You Can’t Put Light In A Box: Freedom’s Promise On A Dark Day

You Can’t Put Light In A Box: Freedom’s Promise On A Dark Day April 20, 2013

On Thursday, while there were still two young men terrorizing my neighborhood, I was in Virginia with all three kids.  We spent the day at Mount Vernon, George Washington’s estate.  Near the end of the day, we took an hour-long tour of the estate which focused on slave life at the plantation and Washington’s changing understanding of the institution.  Washington is a hero of ours, and hearing how he transitioned from an eleven year-old slave owner to a man who ultimately came to  see slavery as wrong and who freed his slaves at the end of his life was powerful.  And yet, as the president of the Constitutional Convention and faced with southern states who would not ratify the constitution without accommodations made for slavery, Washington said that if he had to chose between ending slavery and preserving the union, he would choose the union.

A man who spent his life fighting for the principle that “all men are created are equal” wasn’t able to uphold that principle for the black men who laid down their lives fighting alongside him.  But, as our guide said as she ended our tour, “You can’t put words like that in a box.”
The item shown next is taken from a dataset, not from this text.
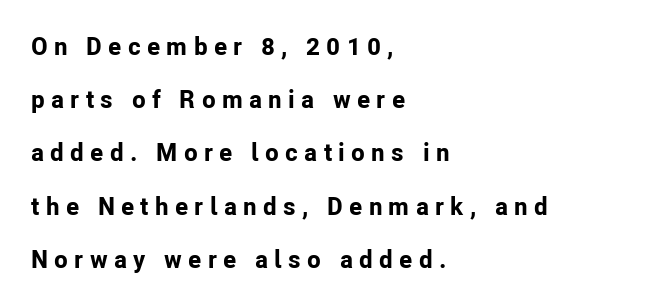
The leading is generous, giving the passage an open texture. The typesetting leans heavy: a genuine bold. A classic flush-left, rag-right setting is used for this passage. These lines were composed using upright roman letters.
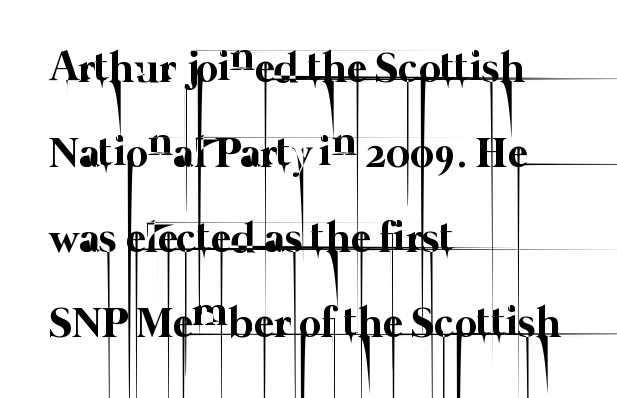
{"bold": "no", "weight": "thin", "width": "normal", "stroke_contrast": "low", "x_height": "medium", "monospaced": "no", "underline": "no", "align": "left", "line_spacing": "loose", "line_spacing_ratio": 1.98, "letter_spacing": "normal", "letter_spacing_em": 0.0, "glyph_px": 43}

Let that rattle around in your spirit for a minute.  You can’t put words like that in a box.  

I woke up yesterday prepared to head home to Cambridge.  I wanted to be at home – with Jeff, with my friends and neighbors, with my city.  Then we heard the news that there was a terrorist on the loose.  We packed the car and started for home, wondering if we would make it all the way.

We stopped in DC to visit the National Archive and see the Declaration of Independence, the very document that had inspired Washington and that he ultimately failed to uphold.  As we bent over the parchment, I had tears in my eyes.  This document inspired a man to leave his home and beloved wife for more than half of their forty years of marriage.  This document inspired the enslaved people who escaped from his home.  Those words have inspired countless others for more than two centuries.  And they likely inspired the immigrant family whose sons ultimately chose to deny it’s powerful truth that all people are endowed by their Creator with the right to life, liberty and the pursuit of happiness.

Whatever those young mens’ intentions, though, you can’t put words like that in a box.

Before leaving town, we stopped at the MLK memorial.  In his I Have a Dream speech, he called the Declaration of Independence a promissory note.  He saw the evils of oppression all around, but he never lost faith in the promise of that great document.  Rephrasing a quote from a 19th century abolitionist, King confidently reminded the country that, “The arc of the moral universe is long, but it bends toward justice.”

His monument looks out across the tidal basin at the monument to Jefferson, author of the promissory Declaration.  Those men and their words form a conversation that spans time and triumphs over circumstance.

As I drove home yesterday, the kids kept asking if we were going to make it all the way home.  I told them that I didn’t know if we would make it all the way home to Daddy that night.  But eventually, one way or another, in this life or the next, we would absolutely make it all the way home.  My lack of fear was surprising for me, but I was unusually confident of the words written two thousand years ago by a friend of Jesus: “The light shines in the darkness, and the darkness has not overcome it.”

Terrorism and oppression and even death have no power over the truth of that.  Those words are louder than bombs.  You can’t kill them, and you can’t scare them off.  You can’t put light in a box.